You don't tell people they're shutting down for 2 weeks and then turn 2 weeks into 5 months. Of course people are going to freak out. I think some states are opening up too quickly but it's totally unsurprising. If Pritzker is planning on keeping thing sshutdown in the state into August like he's hinted at, things will start getting ugly.

Yeah I agree w/ most of this. I don't get people that think this was going to end before June. Every chart everywhere had us ramping back up around early to mid June, and that seemed optimistic to me. And i'm a pretty hard-line supporter of us doing this as long as it's sustainable. But I do that understanding that this isn't a solution by any means, whatsoever and just in terms of communicating to the public, here; the idea with the lockdown is that we were going to do this to flatten the curve and make it more manageable for hospitals so that we could treat it more effectively over the long-run; understanding that a vaccine was way far off in the future and that we'd likely incur spikes over the next few years. Never at any, one point - was this ever 'shut everything down until we find a cure.' Those are two entirely different things - and I feel like like a lot of the rhetoric being flung back and forth has sorta lullabied pro-lockdown leaders into policy positions that support more of a 'we're doing this until we're cured' as opposed to what the original intent was.

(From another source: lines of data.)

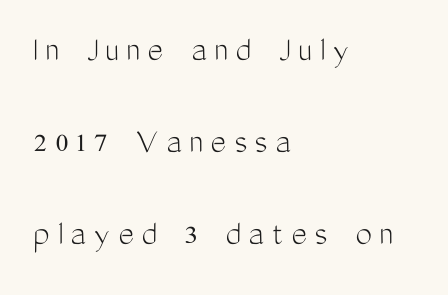
Q: Is the text bold? A: No.
Q: Is the text italic (slanted)? A: No, it is upright.
Q: Is the typeface a serif or a sans-serif typeface? A: Sans-serif.
Q: Is the text underlined? A: No.
Q: How is the paragraph aligned? A: Left-aligned.
Q: Is the spacing between letters normal or unusually wide? A: Unusually wide.
Q: Is the spacing between lines tight, normal or loose? A: Loose.
Q: Width (condensed, normal, or wide)? A: Condensed.
Q: Stroke contrast? A: Medium.
Q: x-height? A: Medium.
Q: Monospaced? A: No.
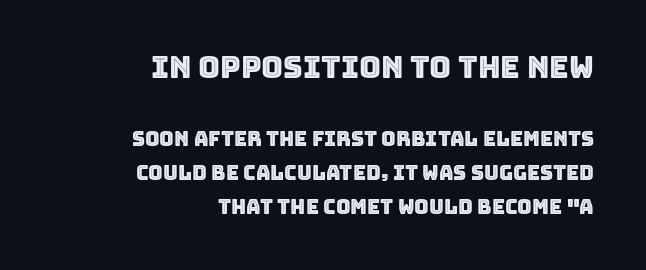
{"italic": "no", "width": "normal", "x_height": "large", "monospaced": "no", "underline": "no", "align": "right", "line_spacing_ratio": 1.72, "letter_spacing": "normal", "letter_spacing_em": 0.0, "larger_block": "first", "size_ratio": 1.5, "glyph_px": 30}
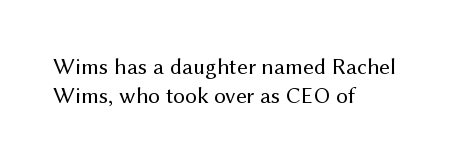
Q: Is the text bold? A: No.
Q: Is the text italic (slanted)? A: No, it is upright.
Q: Is the text underlined? A: No.
Q: How is the paragraph aligned? A: Left-aligned.
Q: Is the spacing between letters normal or unusually wide? A: Normal.
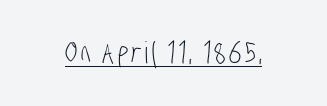
Is this a fixed-width face? No — the glyphs have proportional, varying widths. Counters stay open thanks to moderate or lighter strokes. A rule runs beneath these lines of type. You can tell from the bare stems that sans-serif type was used.
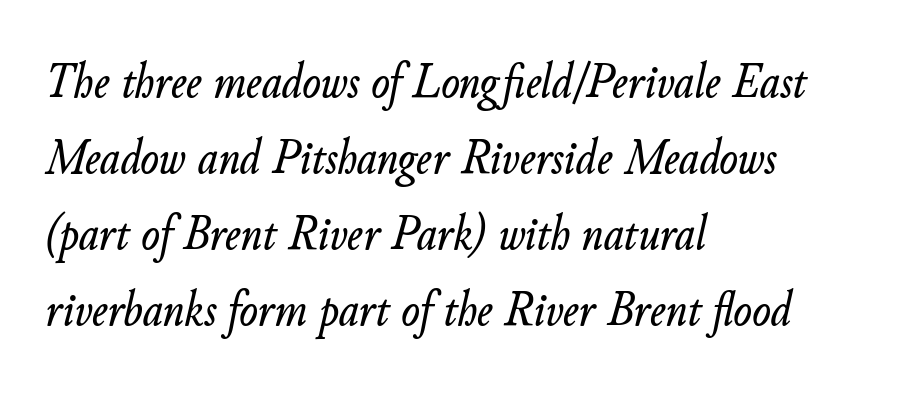
The image shows 49 px text type, italic (leaning right); set left-aligned, normal line spacing (1.55x), normal letter spacing, not underlined; low stroke contrast and a small x-height.
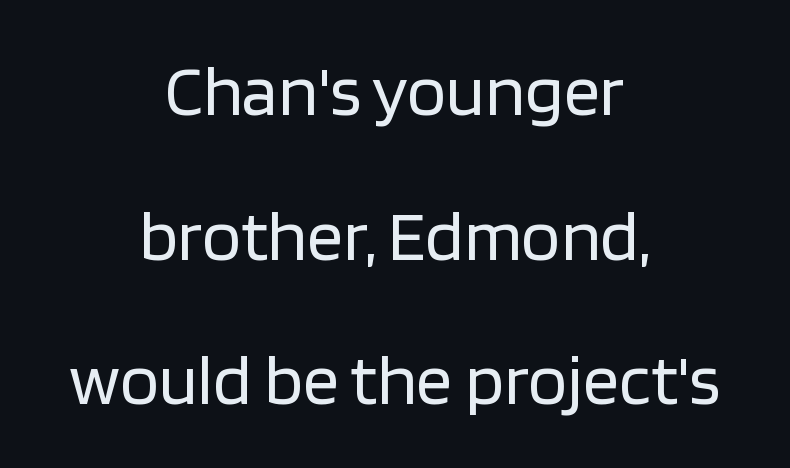
{"serif": "no", "italic": "no", "bold": "no", "weight": "regular", "width": "normal", "stroke_contrast": "low", "x_height": "large", "monospaced": "no", "underline": "no", "align": "center", "line_spacing": "loose", "line_spacing_ratio": 2.01, "letter_spacing": "normal", "letter_spacing_em": 0.0, "glyph_px": 72}
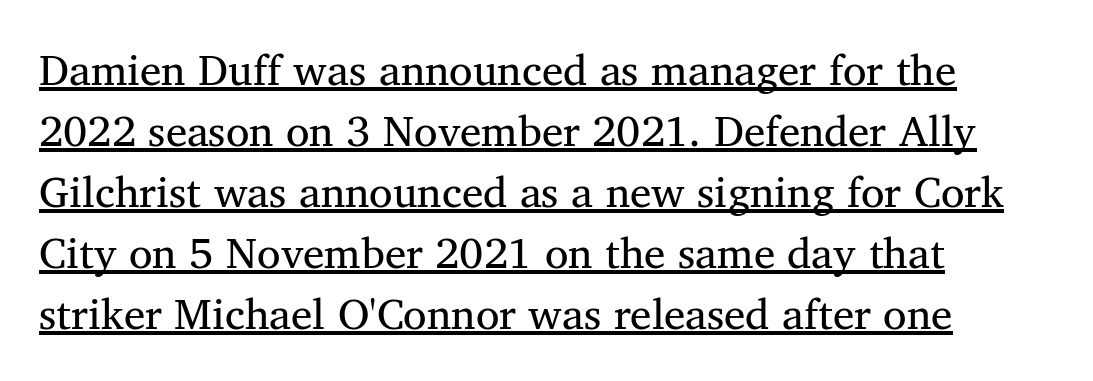
You can see a thin bar hugging the bottom of the glyphs. Line starts are locked; line ends wander. Nothing heavy about these letters — not bold at all. You could call the tracking neutral — neither tight nor loose. This sample has the flowing, uneven cadence of proportional lettering.
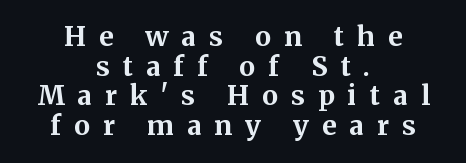
Q: Is the text bold? A: Yes.
Q: Is the text italic (slanted)? A: No, it is upright.
Q: Is the text underlined? A: No.
Q: How is the paragraph aligned? A: Centered.
Q: Is the spacing between letters normal or unusually wide? A: Unusually wide.
Q: Is the spacing between lines tight, normal or loose? A: Tight.
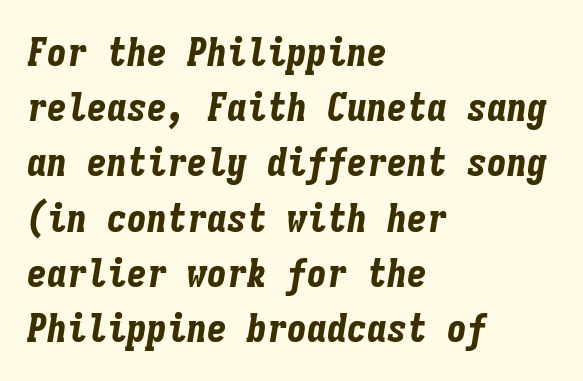
Note the uniform advance width — an 'i' takes as much space as an 'm'. This is heavy type, rendered in bold. The font's italic variant was chosen for this text. Just letters on the line, the space beneath them empty.
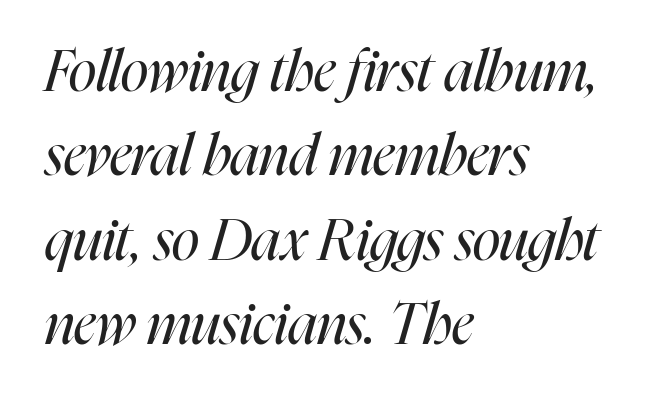
Q: Is the text bold? A: No.
Q: Is the text italic (slanted)? A: Yes, it leans right by about 16 degrees.
Q: Is the text underlined? A: No.
Q: How is the paragraph aligned? A: Left-aligned.
Q: Is the spacing between letters normal or unusually wide? A: Normal.
Q: Is the spacing between lines tight, normal or loose? A: Normal.
Q: Width (condensed, normal, or wide)? A: Condensed.
Q: Stroke contrast? A: High.
Q: x-height? A: Medium.
Q: Monospaced? A: No.
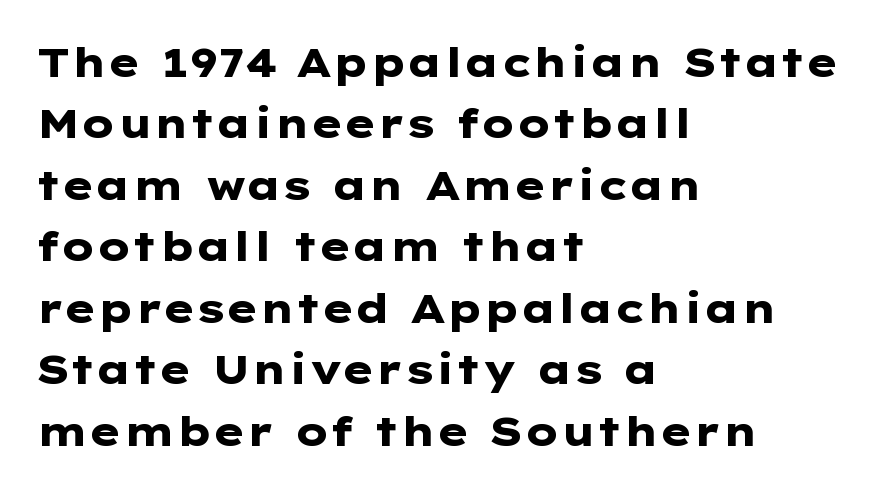
Posture: vertical. Students, note that the glyphs here touch the page at normal intervals. What kind of face is this? One without serifs — a sans. Every letter is thick-stroked: bold, no question. Decoration check: the copy has no underline. The rendering uses natural spacing where letterforms have individual widths.
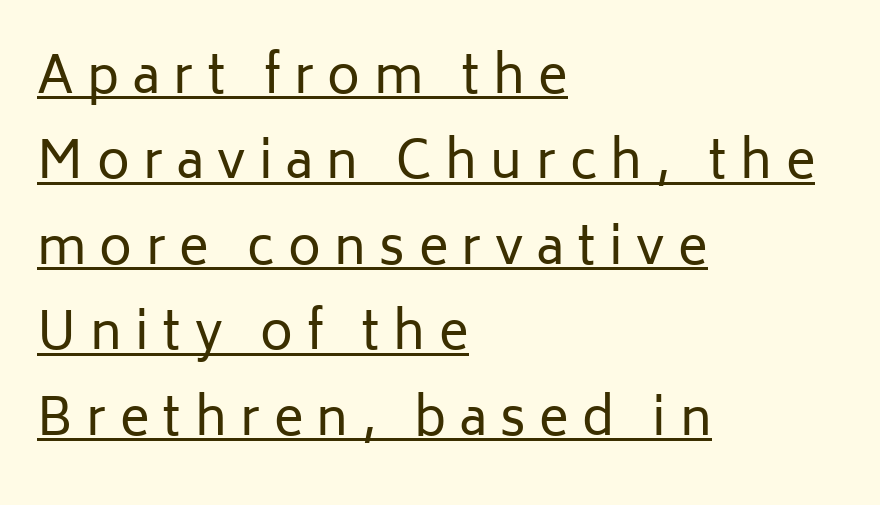
The rendered words wear a rule along their underside. Rendered with straight, roman letterforms. Is this a fixed-width face? No — the glyphs have proportional, varying widths. Is the stroke heavy? The answer is a plain regular-or-lighter.
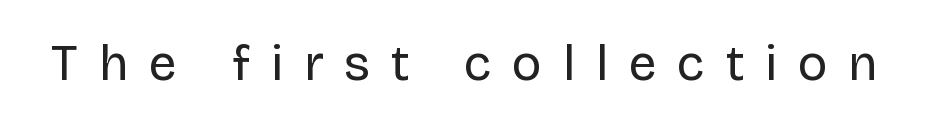
{"serif": "no", "italic": "no", "bold": "no", "weight": "regular", "width": "normal", "stroke_contrast": "low", "x_height": "large", "monospaced": "no", "underline": "no", "letter_spacing": "wide", "letter_spacing_em": 0.42, "glyph_px": 50}
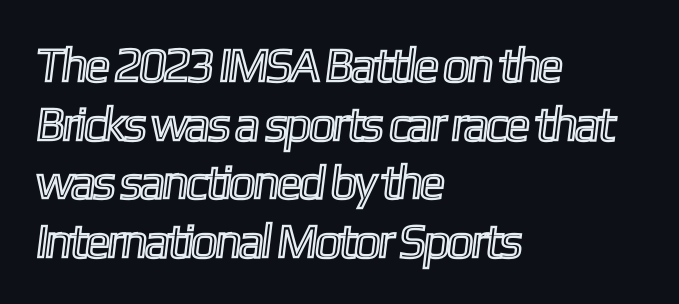
Q: Is the text underlined? A: No.
Q: How is the paragraph aligned? A: Left-aligned.
Q: Is the spacing between letters normal or unusually wide? A: Normal.
Q: Width (condensed, normal, or wide)? A: Condensed.
Q: x-height? A: Medium.
Q: Monospaced? A: No.
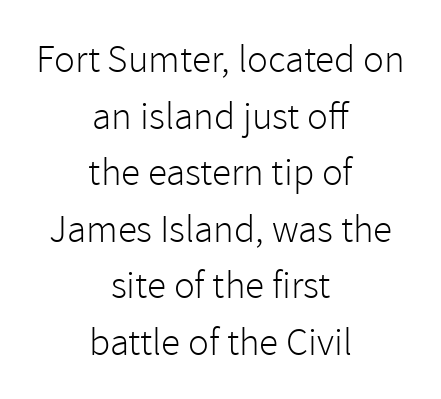
{"serif": "no", "italic": "no", "bold": "no", "weight": "light", "width": "normal", "x_height": "medium", "monospaced": "no", "underline": "no", "align": "center", "line_spacing": "normal", "line_spacing_ratio": 1.45, "letter_spacing": "normal", "letter_spacing_em": 0.0, "glyph_px": 39}

The idea that extended lockdown is even possible as a form of sustainable policy - to me - is a non-starter. Potentially catastrophic damage and civil unrest are baked into it. Humans are top of the food chain because we work together to accomplish a variety of tasks - from food, hunting, killing, shopping, playing, you name it... We're social animals. This idea that people are going to miraculously kick 100 million years of instinctive and learned human behavior overnight because some scientists and bureaucrats have some peer reviewed research papers is 100% JUST as bonkers and unrealistic as thinking we should open the economy right this second.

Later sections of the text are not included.